While Europe and North America are an important focus for these efforts, there is also a need to deepen our investment in emerging markets in Asia, Africa and South America.
Recognising this fact, I recommended to Government earlier this year that we expand our embassy network, with an emphasis on increasing our representation in Asia, Africa and the Americas in particular.
Those relationships matter and they are growing. Frank Aiken’s commitment to the equality of nations underlay his strong commitment to the admission of China to the United Nations. Keeping people out just because you don’t agree with them, he said, would have kept Saint Patrick out of Ireland.
In three days time, Liu Yunshun will be the third senior Chinese representative to visit Ireland since 2012. His visit follows the significant visit of Xi Jinping to Ireland in 2012, who was confirmed as President of China in 2013. This visit was followed by Vice Premier Ma Kai in late 2013. It is a good time therefore to recall that relations between Ireland and China, strong, flourishing and vital, have their origins in part in principled steps taken and supported over 50 years ago by Frank Aiken.
The promotion of our trade, tourism, education and investment is an essential function of our foreign relations, and of the work of the State agencies and the Department, including the embassy network.
That network is a national asset, promoting our values, supporting our business, providing services to our people and standing up for our interests. Promoting Ireland is a round-the-clock operation, reflecting the global nature of our economy, our outlook, our culture and our people.
As we gather here this evening, at the end of the working day in Europe, our embassies and consulates in the Americas are at work supporting Irish business, pursuing our interests and values and building relationships. In a few hours, our embassies across Asia will begin their working day.
We also need to influence discussions in places where Ireland is not present. More issues which affect our interests are now addressed by groups of countries outside the main multilateral organisations, in formats such as the G8 and G20, a trend the global financial crisis has accelerated.

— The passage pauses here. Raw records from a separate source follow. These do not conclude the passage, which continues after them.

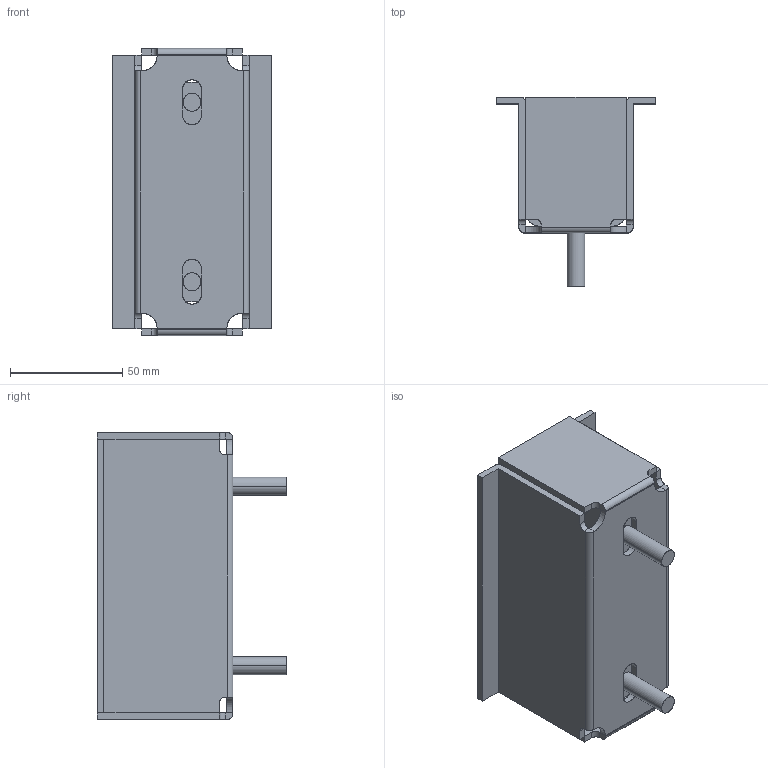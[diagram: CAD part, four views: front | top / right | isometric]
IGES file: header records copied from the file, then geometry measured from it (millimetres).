
Start section: SolidWorks IGES file using analytic representation for surfaces
Global section: file name: sone3D.IGS; native system: SolidWorks 2014; preprocessor: SolidWorks 2014; author: 0960ts; date: 170907.170441; units: millimetre
Bounding box: 71 x 84.5 x 128 mm (x, y, z)
Surface area: 85232.6 mm2 (no closed solid volume)
Topology: 0 solids, 0 shells, 206 faces, 3030 edges, 3012 vertices
Faces by surface type: bspline 160, revolution 46
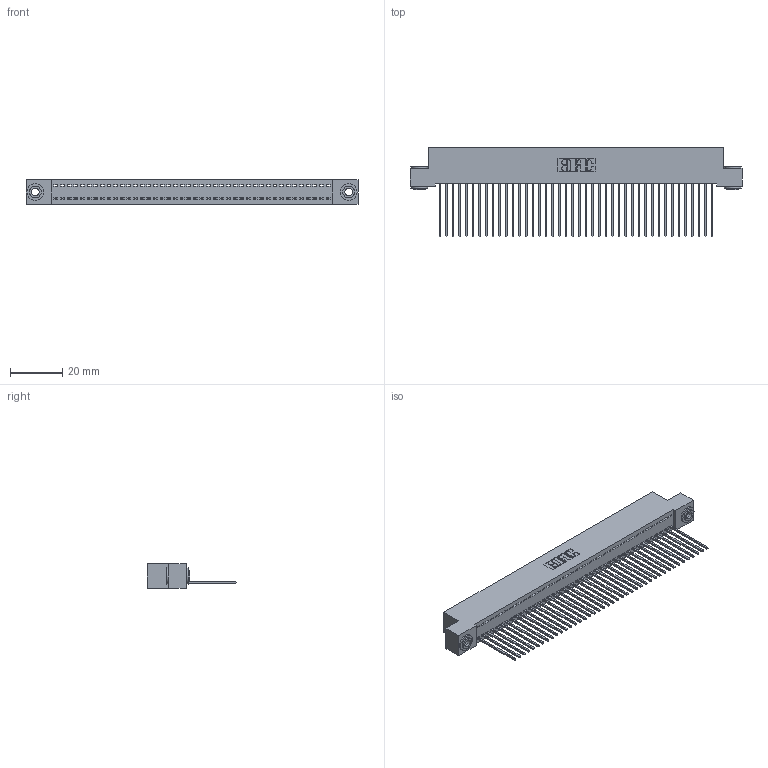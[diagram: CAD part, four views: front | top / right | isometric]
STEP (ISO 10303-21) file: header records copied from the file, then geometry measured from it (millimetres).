
FILE_DESCRIPTION (( 'STEP AP203' ), '1' );
FILE_NAME ('392-042-541-103.STEP', '2018-08-16T13:36:37', ( '' ), ( '' ), 'SwSTEP 2.0', 'SolidWorks 2016', '' );
FILE_SCHEMA (( 'CONFIG_CONTROL_DESIGN' ));
Length unit declared in the file: inch
Products named in the file (4): 342 Part_.156 TH; 345-292-001_345-293-141; 342-250-002_345-250-002-102; 392-042-541-103
Assembly tree (45 placements, depth 2):
  392-042-541-103
    342 Part_.156 TH
    345-292-001_345-293-141  x42
    342-250-002_345-250-002-102  x2
Bounding box: 127 x 34.3 x 9.4 mm (x, y, z)
Volume: 11296.8 mm3; surface area: 17603.1 mm2
Topology: 45 solids, 45 shells, 2584 faces, 7767 edges, 5118 vertices
Faces by surface type: plane 1840, cylinder 736, cone 8
Entity records: 26212 total; most frequent: CARTESIAN_POINT 4499, ORIENTED_EDGE 4470, DIRECTION 3829, EDGE_CURVE 2235, VECTOR 2083, LINE 2083, VERTEX_POINT 1486, AXIS2_PLACEMENT_3D 873

The challenges that have faced us in Government – placing the country’s finances on a sound basis; rebuilding our banking system; negotiating a successful exit from the EU/IMF Programme and a return to the markets; growing our exports to boost recovery and create jobs at home; returning Ireland to a place of influence at the heart of the European Union; and restoring our good name abroad; securing and developing the benefits of our peace process – all required extensive external engagement.
It is no different with the great challenges facing us in the future such as managing climate change, energy flows and migration.
There is no aspect of government that does not have a significant external dimension in this increasingly complex and interconnected world. Foreign affairs cannot be boxed off or dealt with discretely. I believe that external relations must be at the heart of government. Our well-being and prosperity depend on it.
Good governments think and act internationally, across government. As we continue to modernise our public service and our structures for government, we must find ways of reflecting this.
Aiken’s accomplishments at the UN illustrate a fundamental point: that small countries do exert real influence on the world stage.
Now more than ever, we need to be thoughtful and imaginative about how we exert influence and where we do so.
At its core, that is about exerting influence to promote our values, ensure our prosperity, and providing the best for our people.
The means by which we achieve these goals need to be continuously reviewed and updated. That is what the Foreign Policy Review sets out to do.
Roddy Doyle, born the same year that Aiken made his speech to the UN General Assembly, set out the case in a particularly striking way.
"When you grow up on an island," he said, "what matters is how you stand to the sea".